Work order:
With all pictures excluded, restate the records that follow exactly as written.

Data for analysis:
Start of Block

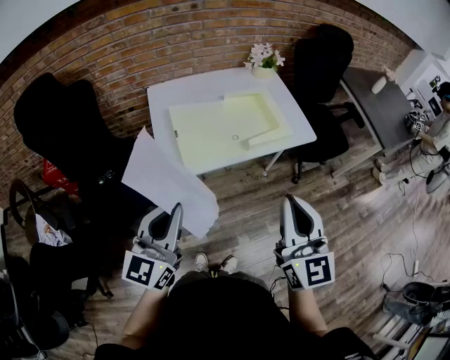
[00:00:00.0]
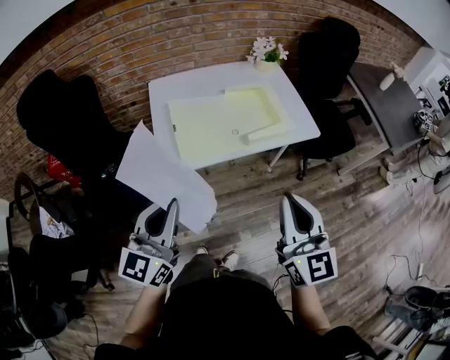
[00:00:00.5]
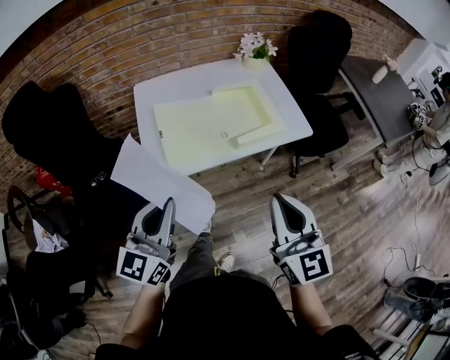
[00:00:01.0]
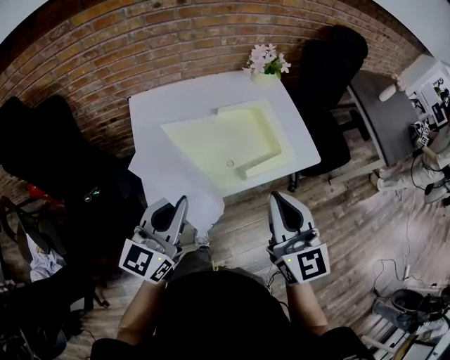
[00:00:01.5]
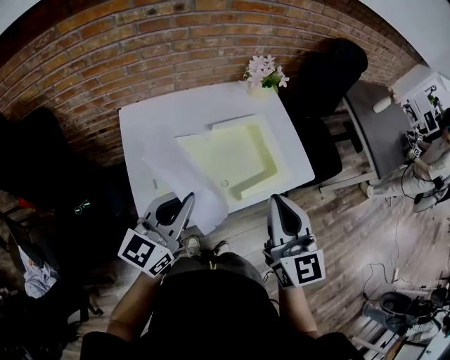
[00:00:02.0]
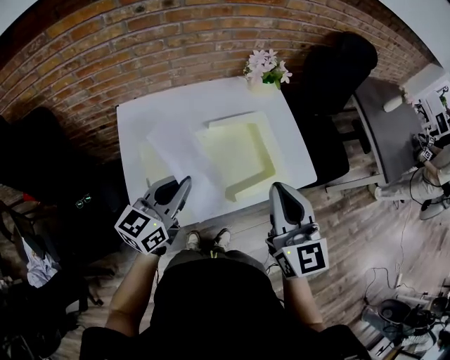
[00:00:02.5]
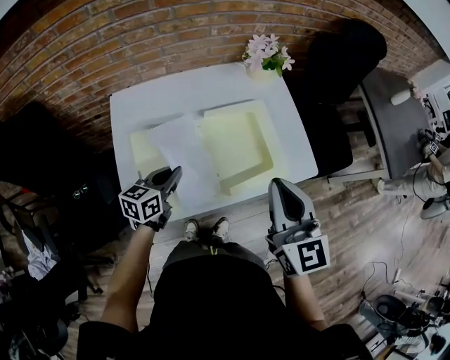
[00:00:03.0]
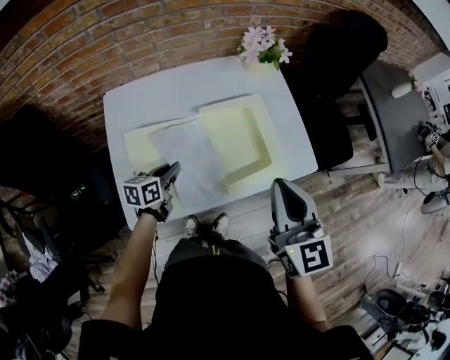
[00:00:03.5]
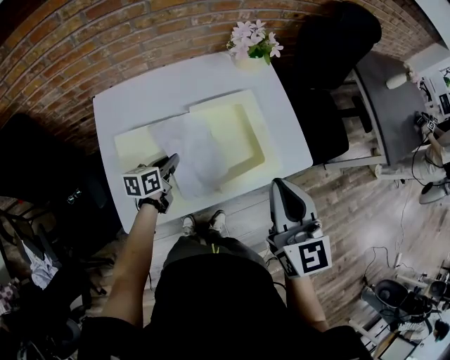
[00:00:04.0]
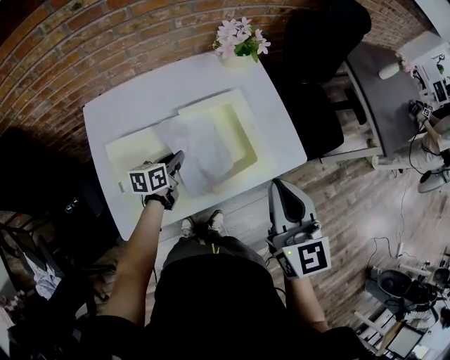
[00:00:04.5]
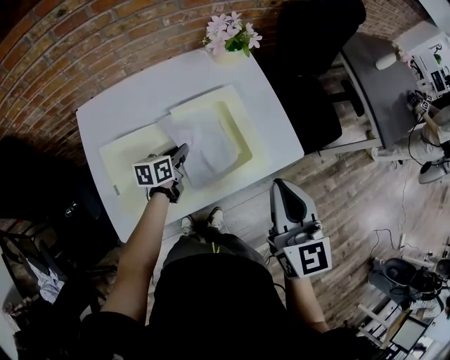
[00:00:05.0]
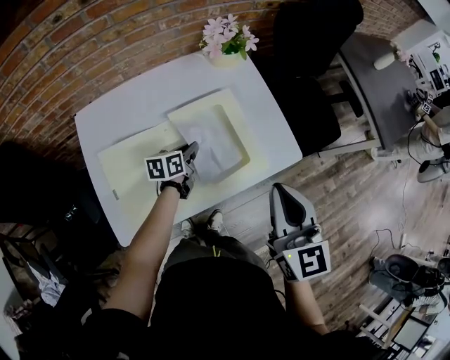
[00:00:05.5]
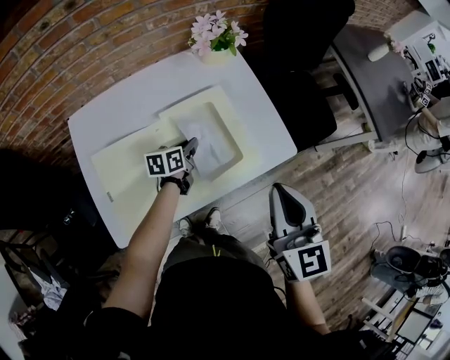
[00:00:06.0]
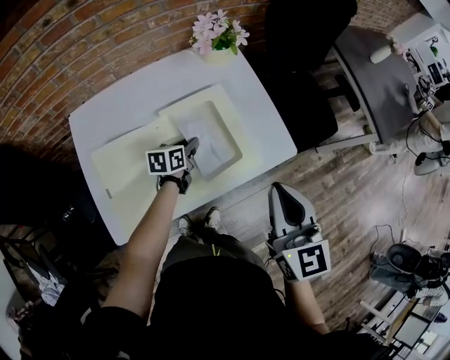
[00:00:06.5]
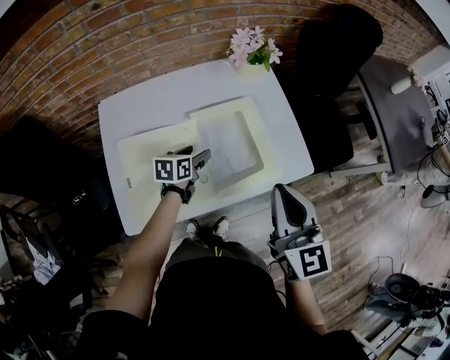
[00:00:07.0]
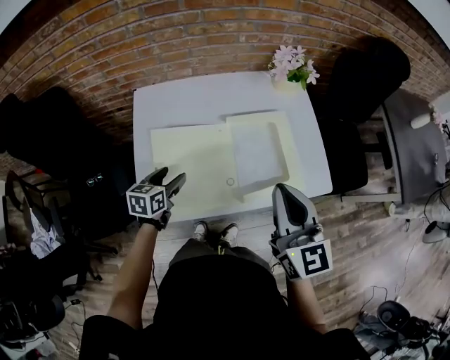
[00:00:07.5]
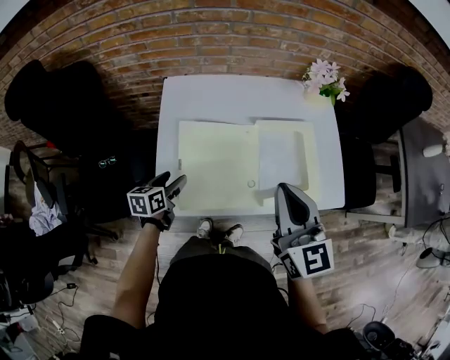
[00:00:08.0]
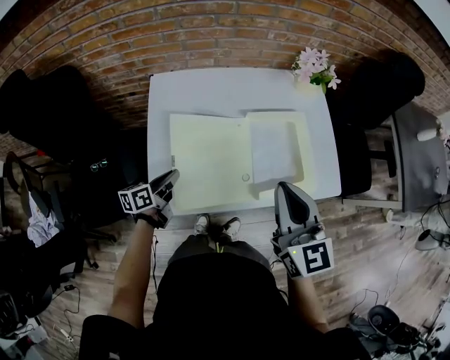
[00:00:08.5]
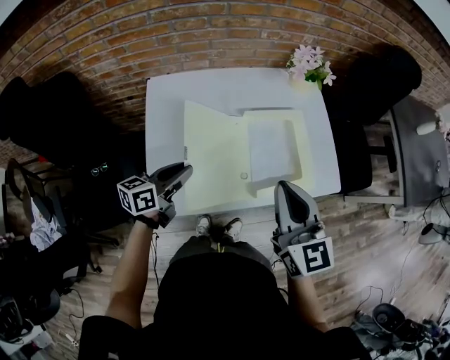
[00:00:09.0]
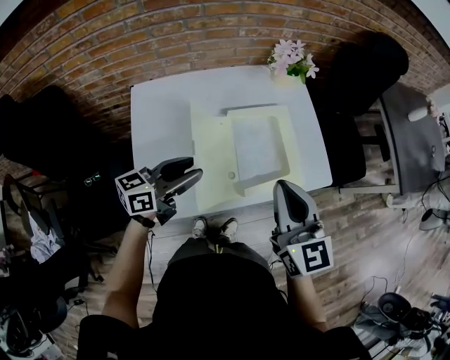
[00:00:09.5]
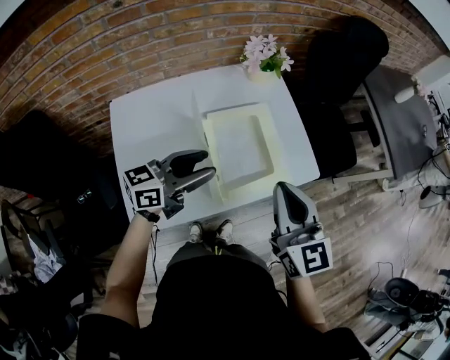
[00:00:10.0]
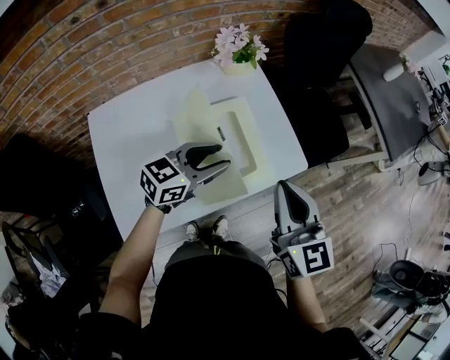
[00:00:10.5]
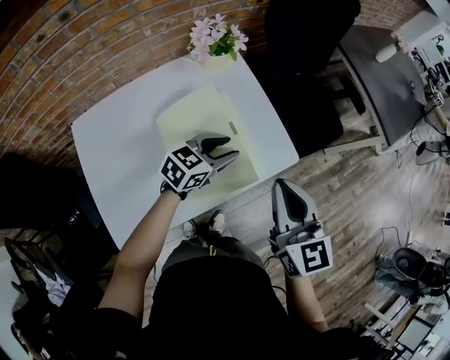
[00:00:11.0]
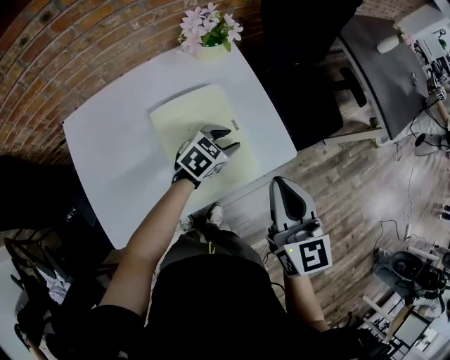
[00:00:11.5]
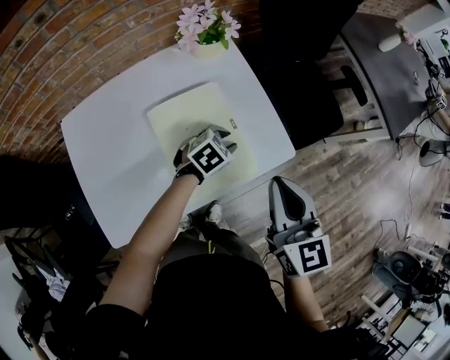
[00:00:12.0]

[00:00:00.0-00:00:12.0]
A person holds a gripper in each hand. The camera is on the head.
00:00:00.0 to 00:00:02.0: Both grippers travel together forward, roughly 30 cm.
00:00:02.0 to 00:00:04.0: The left gripper shifts roughly 30 cm downward and forward, and tips its fingers downward by roughly 30 degrees. The right gripper travels forward and to the right by approximately 15 cm.
00:00:04.0 to 00:00:06.0: The left gripper moves to the right and forward, roughly 15 cm. Meanwhile the right gripper goes roughly 5 cm to the right.
00:00:06.0 to 00:00:08.0: The right gripper changes place by approximately 20 cm, and changes its angle by approximately 30 degrees; the left gripper changes place by some 35 cm, rotates roughly 30 degrees, and opens its fingers.
00:00:08.0 to 00:00:10.0: The right gripper changes place by roughly 10 cm, while the left gripper moves about 35 cm, angles its fingers upward, by some 30 degrees, and closes, then opens again.
00:00:10.0 to 00:00:12.0: The left gripper heads downward, forward and to the right, covering about 35 cm, and tips its fingers downward by roughly 50 degrees, while the right gripper is displaced to the right, forward and downward by roughly 15 cm.

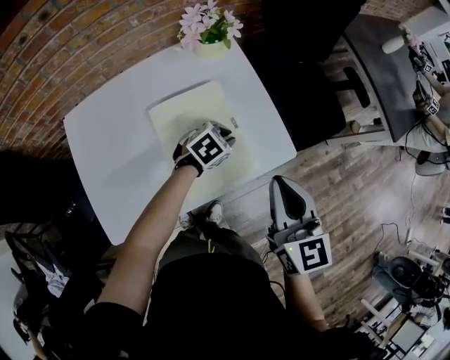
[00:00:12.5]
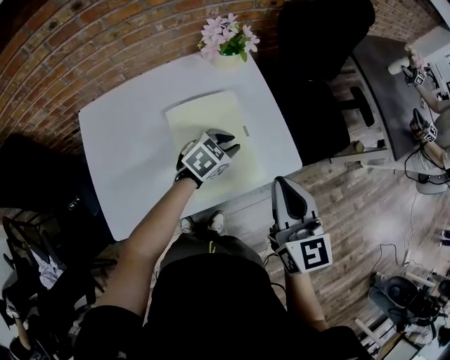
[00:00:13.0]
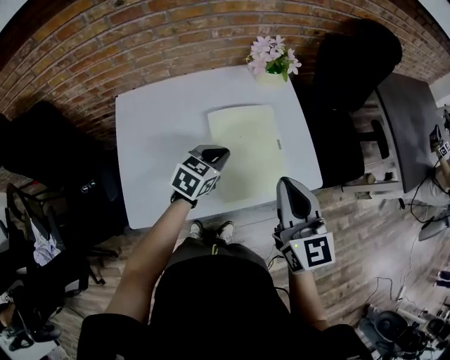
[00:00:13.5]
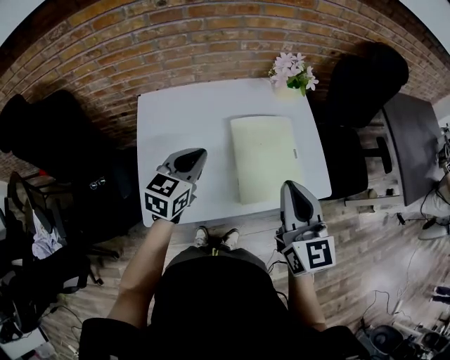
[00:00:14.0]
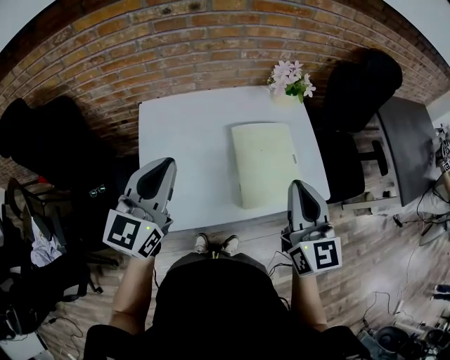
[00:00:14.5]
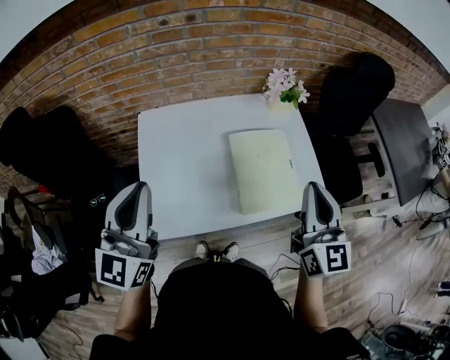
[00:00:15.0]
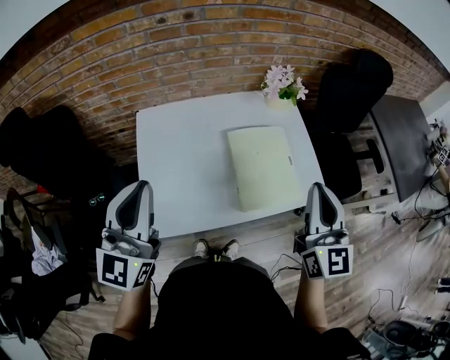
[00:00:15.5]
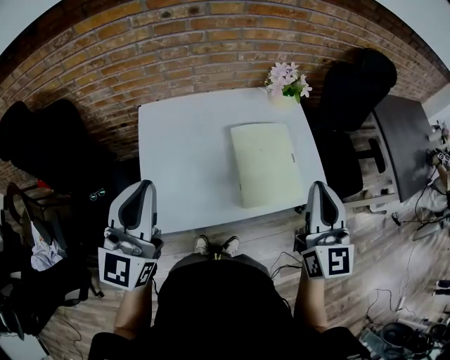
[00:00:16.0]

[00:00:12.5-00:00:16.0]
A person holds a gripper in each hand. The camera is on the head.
00:00:12.5 to 00:00:14.5: The right gripper changes place by approximately 20 cm; the left gripper ends up some 50 cm from where it was, and points its fingers about 50 degrees further upward.
00:00:14.5 to 00:00:16.0: The right gripper ends up some 5 cm from where it was, while the left gripper shifts approximately 5 cm backward.

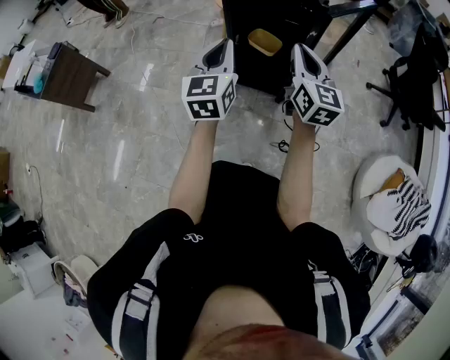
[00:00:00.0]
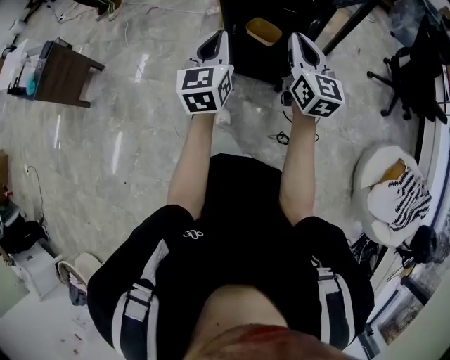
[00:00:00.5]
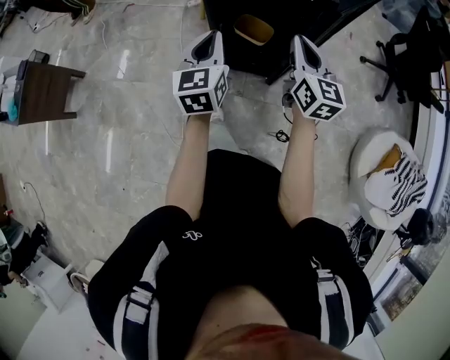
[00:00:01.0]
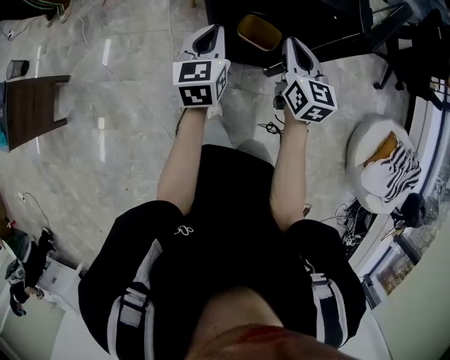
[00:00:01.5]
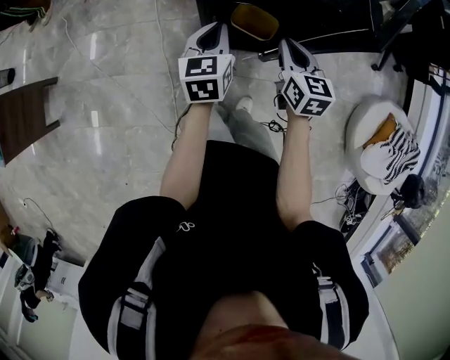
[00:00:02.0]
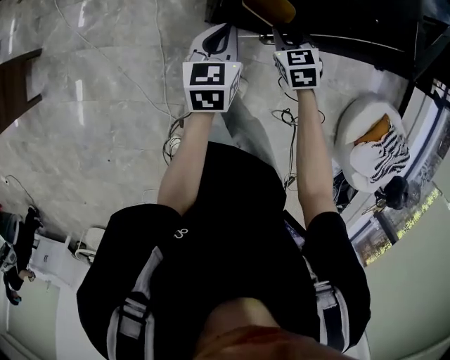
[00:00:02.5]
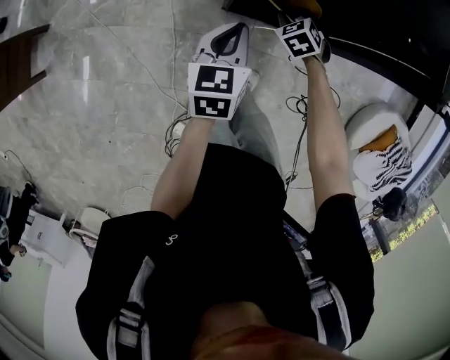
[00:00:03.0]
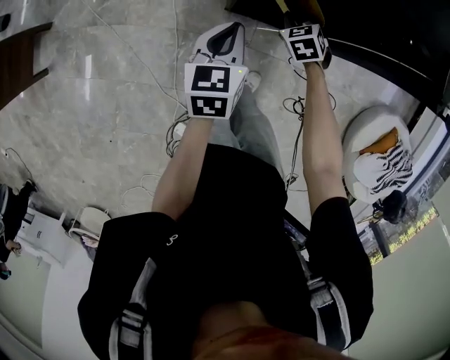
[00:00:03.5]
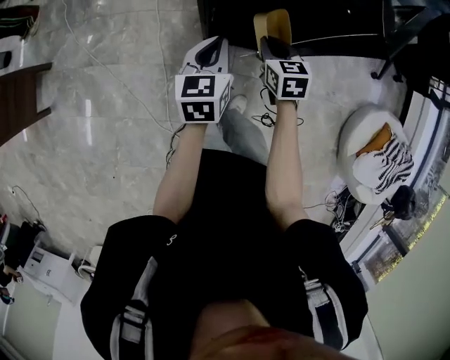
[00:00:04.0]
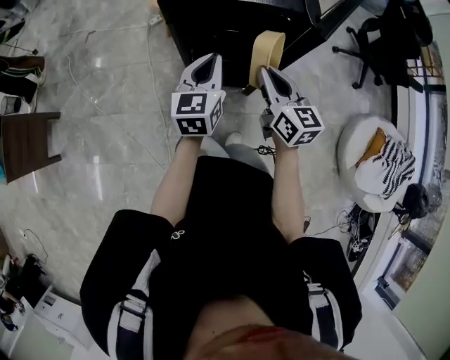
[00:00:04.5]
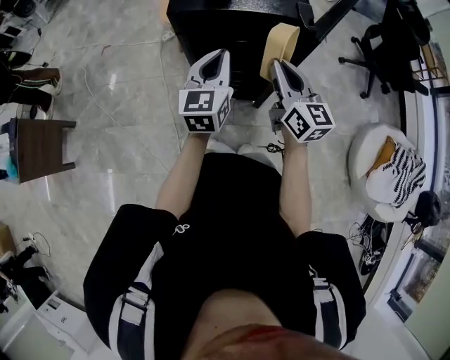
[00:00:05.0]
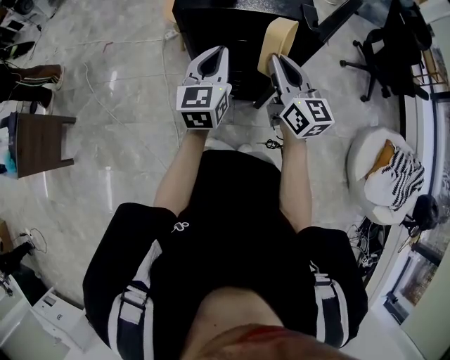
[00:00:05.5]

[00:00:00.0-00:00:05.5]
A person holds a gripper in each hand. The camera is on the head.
00:00:00.0 to 00:00:02.0: Both grippers travel together forward and downward, about 30 cm. The left gripper rotates about 30 degrees. Meanwhile the right gripper swivels some 30 degrees.
00:00:02.0 to 00:00:03.5: The right gripper goes roughly 25 cm downward, and points its fingers about 30 degrees further downward. The left gripper heads downward, covering some 10 cm.
00:00:03.5 to 00:00:05.5: The right gripper goes about 40 cm upward, and tilts its fingers approximately 60 degrees upward. Meanwhile the left gripper moves upward and to the right, approximately 25 cm, and swivels some 30 degrees.

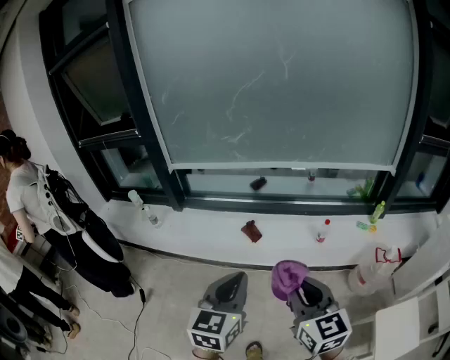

End of Block

Result for this exercise:
[00:00:00.0]
[00:00:00.5]
[00:00:01.0]
[00:00:01.5]
[00:00:02.0]
[00:00:02.5]
[00:00:03.0]
[00:00:03.5]
[00:00:04.0]
[00:00:04.5]
[00:00:05.0]
[00:00:05.5]
[00:00:06.0]
[00:00:06.5]
[00:00:07.0]
[00:00:07.5]
[00:00:08.0]
[00:00:08.5]
[00:00:09.0]
[00:00:09.5]
[00:00:10.0]
[00:00:10.5]
[00:00:11.0]
[00:00:11.5]
[00:00:12.0]

[00:00:00.0-00:00:12.0]
A person holds a gripper in each hand. The camera is on the head.
00:00:00.0 to 00:00:02.0: Both grippers travel together forward, roughly 30 cm.
00:00:02.0 to 00:00:04.0: The left gripper shifts roughly 30 cm downward and forward, and tips its fingers downward by roughly 30 degrees. The right gripper travels forward and to the right by approximately 15 cm.
00:00:04.0 to 00:00:06.0: The left gripper moves to the right and forward, roughly 15 cm. Meanwhile the right gripper goes roughly 5 cm to the right.
00:00:06.0 to 00:00:08.0: The right gripper changes place by approximately 20 cm, and changes its angle by approximately 30 degrees; the left gripper changes place by some 35 cm, rotates roughly 30 degrees, and opens its fingers.
00:00:08.0 to 00:00:10.0: The right gripper changes place by roughly 10 cm, while the left gripper moves about 35 cm, angles its fingers upward, by some 30 degrees, and closes, then opens again.
00:00:10.0 to 00:00:12.0: The left gripper heads downward, forward and to the right, covering about 35 cm, and tips its fingers downward by roughly 50 degrees, while the right gripper is displaced to the right, forward and downward by roughly 15 cm.

[00:00:12.5]
[00:00:13.0]
[00:00:13.5]
[00:00:14.0]
[00:00:14.5]
[00:00:15.0]
[00:00:15.5]
[00:00:16.0]

[00:00:12.5-00:00:16.0]
A person holds a gripper in each hand. The camera is on the head.
00:00:12.5 to 00:00:14.5: The right gripper changes place by approximately 20 cm; the left gripper ends up some 50 cm from where it was, and points its fingers about 50 degrees further upward.
00:00:14.5 to 00:00:16.0: The right gripper ends up some 5 cm from where it was, while the left gripper shifts approximately 5 cm backward.

[00:00:00.0]
[00:00:00.5]
[00:00:01.0]
[00:00:01.5]
[00:00:02.0]
[00:00:02.5]
[00:00:03.0]
[00:00:03.5]
[00:00:04.0]
[00:00:04.5]
[00:00:05.0]
[00:00:05.5]

[00:00:00.0-00:00:05.5]
A person holds a gripper in each hand. The camera is on the head.
00:00:00.0 to 00:00:02.0: Both grippers travel together forward and downward, about 30 cm. The left gripper rotates about 30 degrees. Meanwhile the right gripper swivels some 30 degrees.
00:00:02.0 to 00:00:03.5: The right gripper goes roughly 25 cm downward, and points its fingers about 30 degrees further downward. The left gripper heads downward, covering some 10 cm.
00:00:03.5 to 00:00:05.5: The right gripper goes about 40 cm upward, and tilts its fingers approximately 60 degrees upward. Meanwhile the left gripper moves upward and to the right, approximately 25 cm, and swivels some 30 degrees.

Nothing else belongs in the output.